İdris Beyle olan dostluğumuz eskilere dayanır. Ağabey-kardeş gibiyizdir ve siyaseti de uzun yıllardır birlikte yapmaktayız. Yönetimde, farklı yansımalar ortaya çıkıyor, tetikleniyorsa, hak edilmediği halde, medyanın (bazı bölümlerinde) bir takım yanlış değerlendirmeler ortaya çıkıyorsa, onun gereği yapılmalıdır diye düşündüm. Ancak önce İdris Beyi davet ederek bu düşüncelerimi paylaştım. Nitekim kendisinin de bu konuda bir kırgınlığı yoktur. Bir de şunu ekleyeyim: Yasalarda, Başkan vekilliği diye bir müessese yok. Başkan, İstanbul dışına çıktığı zaman, meclis üyelerinden her hangi birine vekalet verebilir. Bu bakımdan, İdris Bey güvendiğim bir insandır. Aynı zamanda Mecli 1. Başkanı. Bu yönüyle, görevi kendisine veriyordum. Fakat, farklı algılamalar olabiliyor. Sonuçta, İdris Beye de haksızlıklar yapıldı ve hak etmediği eleştiriler oluştu. Bunu da açıkça söyleyeyim. İşte bunlara karşı bir tavır koymam gerektiğini gördüm ve bu tavrı koydum.
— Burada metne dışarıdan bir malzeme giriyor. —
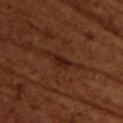follow-up = total-body-photography surveillance lesion; no biopsy | subject = female, about 55 years old | site = the upper back | image source = 15 mm crop, total-body photography.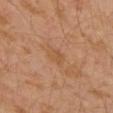Part of a total-body skin-imaging series; this lesion was reviewed on a skin check and was not flagged for biopsy. The lesion-visualizer software estimated roughly 5 lightness units darker than nearby skin and a normalized border contrast of about 5. It also reported a border-irregularity rating of about 2/10. Imaged with cross-polarized lighting. A lesion tile, about 15 mm wide, cut from a 3D total-body photograph. On the left arm. About 2.5 mm across. A male patient about 30 years old.

Dubaililere, değerinin altına niye verelim?
- Dubai Towersa kamuoyunca gösterilen tepkiyi nasıl yorumluyorsunuz?
Bu soruya şu örnekle cevap vereyim: Galataport olayında, mevcut antrepolarda cepheleri biraz düzeltip giydirerek yapılan bir düzenlemeye, ne getirip ne götüreceğini tam göremeden karşı çıktı insanlar... Bu, bardağın boş tarafını görme eğilimi!.. Halbuki, İstanbula ne götürüyor, ne getiriyor önce inceleyin! İstanbul, eğer dünyanın önemli bir ekonomi ve finans merkezi olacaksa, dünyanın sayılı firmalarının yönetim merkezleri buraya gelecek veya bölge merkezleri burada olacaksa ve bunlar için bazı adımların atılması gerekiyorsa, bunu yapmalısınız. Yoksa kendi içine kapalı, hudutlarını açmayan bir kent veya ülke olarak kalırsanız. Bugün bazı ülkeler var ki, Yeter ki burada ol! diyerek büyük yatırımcılara bedelsiz yerler tahsis ediyor! Örneğin bugün Çin bunu yapıyor!..
- Dubai Towersa dönersek?
Burada yapılan, belediyemize ait olan bir yerin, yine yasalar boyutunda bir emsalle değerlendirilmesidir ve bu çok normaldir. Üstelik biz, ilgili kurumlarca, hatta iki farklı kurumca, bunun fiyat analizlerini de yaptıracağız. Gerçek değerinin altında vermemiz mümkün değil ve zaten, niye verelim? Hatta gerçek değerinin üstünde, gayri menkul sermaye ortaklığı kuracağız. Bu da bir sinerji getirecek. Bakın ben geçtiğimiz günlerde Londradaydım. Orada London Eye diye bilinen o büyük dönme dolabı da Dubaililer satın almış. Ayrıca birçok marketi, birçok binayı da almışlar. Neden? Çünkü global sermaye, güçlü gördüğü, tedirginlik duymadığı ülkelere gider ve yatırım yapar. İstanbul, Türkiye bunu artık hissettiriyor.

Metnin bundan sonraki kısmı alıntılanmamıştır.